0x1p-8f is hexadecimal floating-point notation for a float constant with the value 2⁻⁸. If your compiler does not support that, you can use / 256.f instead of * 0x1p-8f.

If your compiler does not support int16_t, you can use short if it is 16 bits.

If the second is Q8.23, then it can similarly be converted with:

int32_t Temp;
memcpy(&Temp, &PlaceWhereDataIs, sizeof Temp);
float Float = Temp * 0x1p-23f;

However, its fields of 1, 8, and 23 match the field sizes of the common IEEE-754 basic 32-bit binary floating-point format, which makes me suspect it is a floating-point format, not a fixed-point format. In that case, you can get it into a float with:

float Float;
memcpy(&Float, &PlaceWhereDataIs, sizeof Float);

If the first DSP format is actually a floating-point format with 1 sign bit, 7 exponent bits, and 8 significand bits, then some work is needed to convert it. Additionally, you will have to supply details from documentation—custom floating-point formats tend to treat subnormals, infinities, and NaNs differently, as well as have non-standard exponent biases.

If both are fixed-point formats, and you can convert the first to the second with:

int16_t Temp;
memcpy(&Temp, &PlaceWhereDataIs, sizeof Temp);
int32_t Result = (int32_t) Temp * (1 << 23-8);

Bit shifting a half-float into a float

Here is code demonsrating the 16-bit floating-point to 32-bit floating-point conversion plus a test program. The test program requires Clang’s __fp16 type, but the conversion code does not. Handling of NaN payloads and signaling/non-signaling semantics is not tested.

#include <stdint.h>


//  Produce value of bit n.  n must be less than 32.
#define Bit(n)  ((uint32_t) 1 << (n))

//  Create a mask of n bits in the low bits.  n must be less than 32.
#define Mask(n) (Bit(n) - 1)


/*  Convert an IEEE-754 16-bit binary floating-point encoding to an IEEE-754
    32-bit binary floating-point encoding.

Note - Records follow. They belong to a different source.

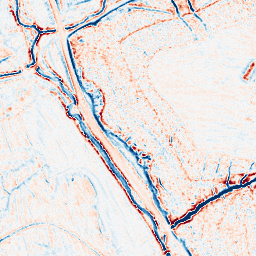
Category: edge_preserving
Decomposition family: bilateral
Decomposition parameters: d: 9
sigma_color: 75
sigma_space: 25
Upsampling method: quintic
Upsampling parameters: scale: 2
Upsampling scale: 2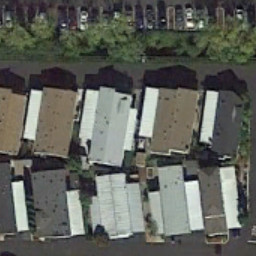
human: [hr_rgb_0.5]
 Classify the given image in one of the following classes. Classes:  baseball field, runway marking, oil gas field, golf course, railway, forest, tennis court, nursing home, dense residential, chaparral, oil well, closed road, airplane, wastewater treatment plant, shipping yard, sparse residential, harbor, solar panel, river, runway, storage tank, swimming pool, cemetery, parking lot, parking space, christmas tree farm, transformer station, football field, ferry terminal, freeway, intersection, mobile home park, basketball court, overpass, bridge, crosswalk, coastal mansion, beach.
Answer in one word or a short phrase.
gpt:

    This code has not been tested.
*/
uint32_t Float16ToFloat32(uint16_t x)
{
    /*  Separate the sign encoding (1 bit starting at bit 15), the exponent
        encoding (5 bits starting at bit 10), and the primary significand
        (fraction) encoding (10 bits starting at bit 0).
    */
    uint32_t s = x >> 15;
    uint32_t e = x >> 10 & Mask( 5);
    uint32_t f = x       & Mask(10);

    //  Left-adjust the significand field.
    f <<= 23 - 10;

    //  Switch to handle subnormal numbers, normal numbers, and infinities/NaNs.
    switch (e)
    {
        //  Exponent code is subnormal.
        case 0:
            //  Zero does need any changes, but subnormals need normalization.
            if (f != 0)
            {
                /*  Set the 32-bit exponent code corresponding to the 16-bit
                    subnormal exponent.
                */
                e = 1 + (127 - 15);

                /*  Normalize the significand by shifting until its leading
                    bit moves out of the field.  (This code could benefit from
                    a find-first-set instruction or possibly using a conversion
                    from integer to floating-point to do the normalization.)
                */
                while (f < Bit(23))
                {
                    f <<= 1;
                    e -= 1;
                }

                //  Remove the leading bit.
                f &= Mask(23);
            }
            break;

        // Exponent code is normal.
        default:
            e += 127 - 15;  //  Adjust from 16-bit bias to 32-bit bias.
            break;

        //  Exponent code indicates infinity or NaN.
        case 31:
            e = 255;        //  Set 32-bit exponent code for infinity or NaN.
            break;
    }

    //  Assemble and return the 32-bit encoding.
    return s << 31 | e << 23 | f;
}


#include <inttypes.h>
#include <math.h>
#include <stdio.h>
#include <stdlib.h>


int main(void)
{
    //  Use unions so we can iterate and manipulate the encodings.
    union { uint16_t enc; __fp16 value; } x;
    union { uint32_t enc; float  value; } y;

    //  Iterate through all 16-bit encodings.
    for (uint32_t i = 0; i < Bit(16); ++i)
    {
        x.enc = i;
        y.enc = Float16ToFloat32(x.enc);
        if (isnan(x.value) != isnan(y.value) ||
            !isnan(x.value) && x.value != y.value)
        {
            printf("Failure:\n");
            printf("\tx encoding = 0x%04" PRIx16 ",     value = %.99g.\n",
                x.enc, x.value);
            printf("\ty encoding = 0x%08" PRIx32 ", value = %.99g.\n",
                y.enc, y.value);
            exit(EXIT_FAILURE);
        }
    }
}

As chtz points out, we can using 32-bit floating-point arithmetic to handle the scaling adjustment for both normal and subnormal values. To do this, replace the code in Float16ToFloat32 after f <<= 23 - 10; with:

    //  For infinities and NaNs, set 32-bit exponent code.
    if (e == 31)
        return s << 31 | 255 << 23 | f;

    /*  For finite values, reassemble with shifted fields and using a
        floating-point multiply to adjust for the changed exponent bias.
    */
    union { uint32_t enc; float  value; } y = { .enc = s << 31 | e << 23 | f };
    y.value *= 0x1p112f;
    return y.enc;

Converting a 32 bit wave form to a 16 bit wave form

Format 0x0003 is in fact ieeeFloat, you shouldn't get this exception. Better check the value it read. You cannot convert the values with bit shifting, you have to convert from float to short. A simple cast gets the job done.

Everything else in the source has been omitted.